The room is white and featureless, maybe eighteen feet wide and long. Also present, standing on an ‘X’ marked on the floor with black electrical tape, is a middle-aged male
actor.

‘The script?’ I ask.

‘That’s why we’re here,’ Joe says, forcing a laugh.

‘I can do it, if you like,’ says the art director, a pretty girl who looks like she’s only a few years out of art college.

‘Might be for the best,’ says Joe, again with the practised laugh. ‘I have to be somewhere in November.’

‘So you know loo roll ads, right?’ begins Suzi. ‘How they all have cute cats or puppies or bears? Well, we’re taking the piss out of that.’

‘Gotcha,’ says the actor. He’s potbellied, unshaven, sounds like he smokes filterless cigarettes and has done since childhood.

‘You’re going to be a bunny,’ says Suzi. ‘Mr Hoppity.’

‘What, like a rabbit?’

‘It’s as if we’re shooting one of those cliché loo roll adverts,’ says Suzi. ‘Then the director – in the commercial, another actor – he yells
“cut”, and you take the head off your costume, revealing yourself to be an actor – not a real bunny.’ Suzi laughs at the ridiculousness of what she’s saying.
‘Sorry, it sounds all a bit . . . God, I dunno . . .’

‘Meta?’ suggests Joe.

‘Post-ironic?’ Henry tries.

‘Wanky!’ says Suzi, and she laughs.

‘Wanky,’ says the actor. ‘Gotcha.’

It’s nice to meet advertising people that don’t take themselves too seriously. People who have no illusions about what it is they’re doing – in this case, selling bog
roll. That said, Suzi can’t be older than twenty-four; in a couple of years she’ll undoubtedly be as arrogant, deluded and precocious as the job requires.

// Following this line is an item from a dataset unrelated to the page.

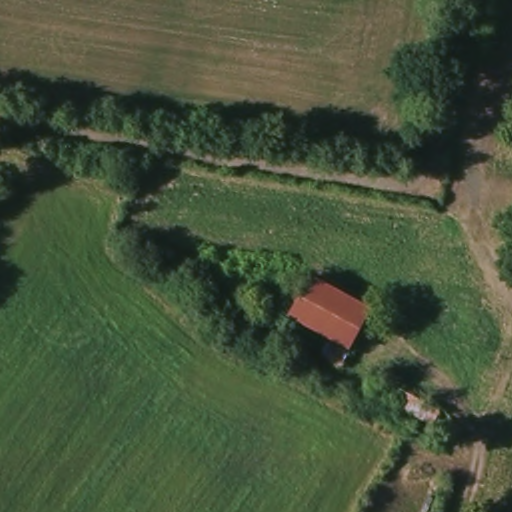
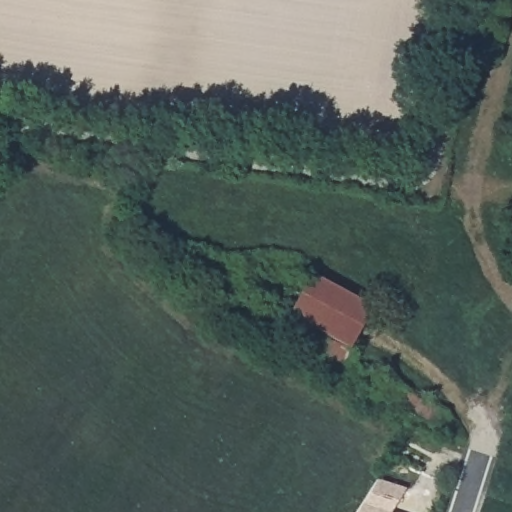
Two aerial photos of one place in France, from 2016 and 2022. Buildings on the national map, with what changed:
unchanged [(365,307),(343,348),(284,315),(306,275),(365,307)]
unchanged [(377,399),(385,380),(440,410),(433,428),(377,399)]
new [(393,512),(357,512),(377,479),(406,489),(393,512)]

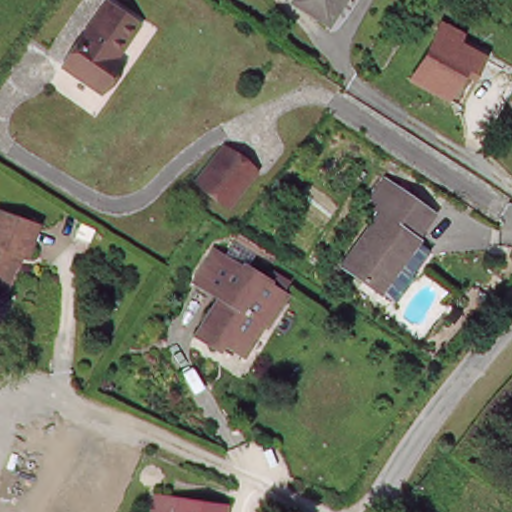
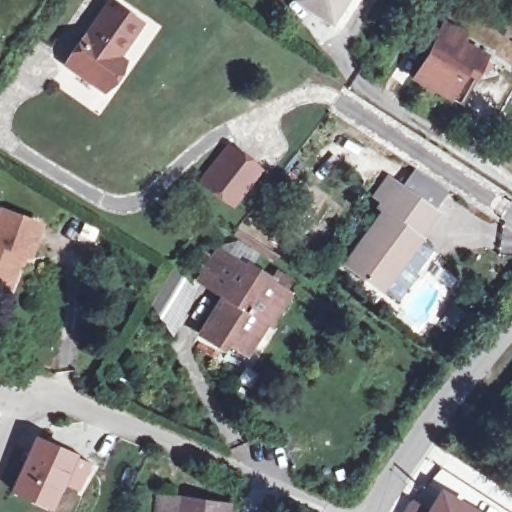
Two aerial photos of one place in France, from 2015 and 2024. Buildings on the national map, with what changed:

‘Point is,’ says Henry, ‘you’re not playing a bunny; you’re playing an actor playing a bunny.’

‘Gotcha,’ says the actor.

‘And you hate it,’ she says. ‘Underneath the suit you’re a tough guy.’

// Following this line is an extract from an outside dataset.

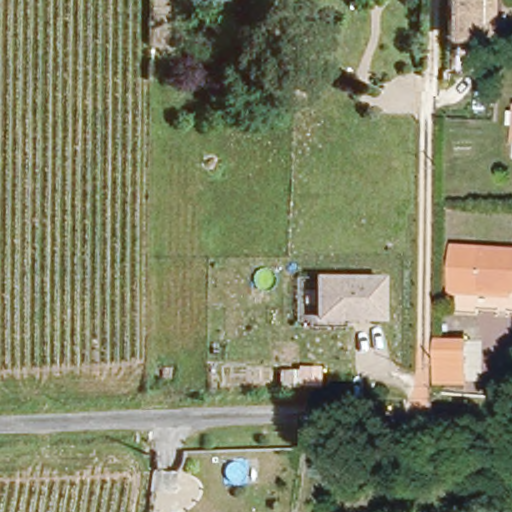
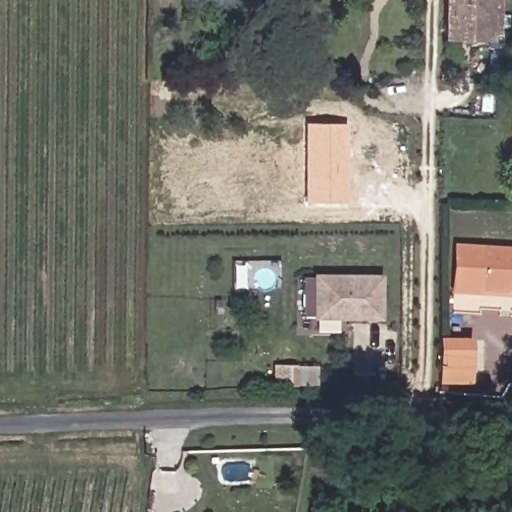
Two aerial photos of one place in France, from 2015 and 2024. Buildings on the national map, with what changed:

‘Like a gangster?’ he asks hopefully.

‘In a bunny suit,’ says Joe. ‘Exactly.’

‘Right-o.’

‘Like the loo roll, you see,’ says Suzi. ‘Soft, but tough.’

‘Okey-doke. Tough bunny.’

I’ll need two of everything from now on: two cots, two car seats, two great big fluffy bunnies.

‘William?’ asks Joe, his voice one notch up from normal conversational volume.

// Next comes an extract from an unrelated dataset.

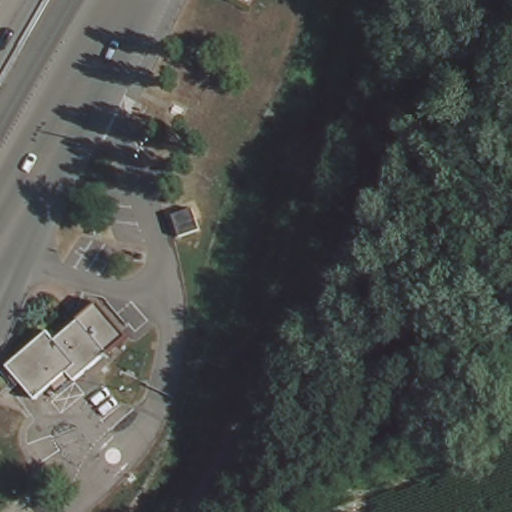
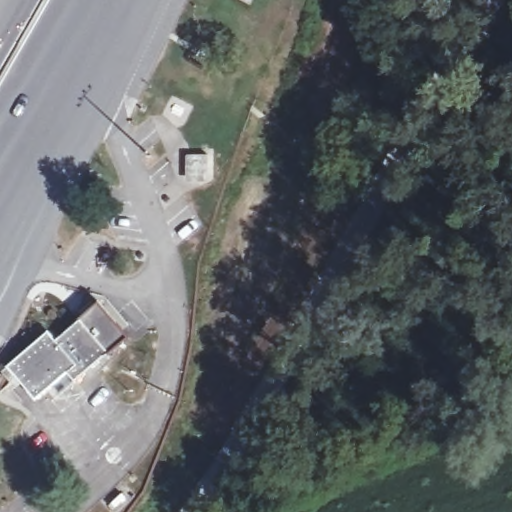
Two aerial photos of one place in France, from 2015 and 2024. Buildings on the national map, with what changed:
unchanged [(177,217),(175,212),(182,209),(185,215),(192,212),(199,230),(191,233),(192,237),(184,240),(182,236),(178,238),(170,219),(177,217)]
unchanged [(40,331),(47,341),(72,321),(75,324),(81,319),(105,348),(100,352),(102,354),(67,383),(61,374),(29,400),(0,364),(40,331)]

Joe only calls me William when he’s patronizing, antagonizing or chastising me, so it’s a good bet that I’ve just missed something.

‘Excuse me?’ I say.

‘Anything to add?’ says Joe.

‘No.’ I shake my head. ‘No, thank you.’

And so we put the actor through his paces. We give him lines to deliver, ask him to do them in a variety of accents – London, New York, Eastern Bloc. We make him hop like a bunny. And then
we do it again with another actor and another and another and I don’t know how many more. Throughout the session, people talk to me, ask my opinion, ask if I want things. For the most part, I
have no idea what they are saying, so I limit my responses to a series of ambiguous grunts, monosyllables and variations on the classic deferment
I’m not sure, what do you think?
Although I abandoned the latter approach after it became apparent someone had just asked whether I wanted tea or coffee.

‘Great day, everybody,’ says Joe, and it seems we’re finished. ‘Got some good bunnies, I think.’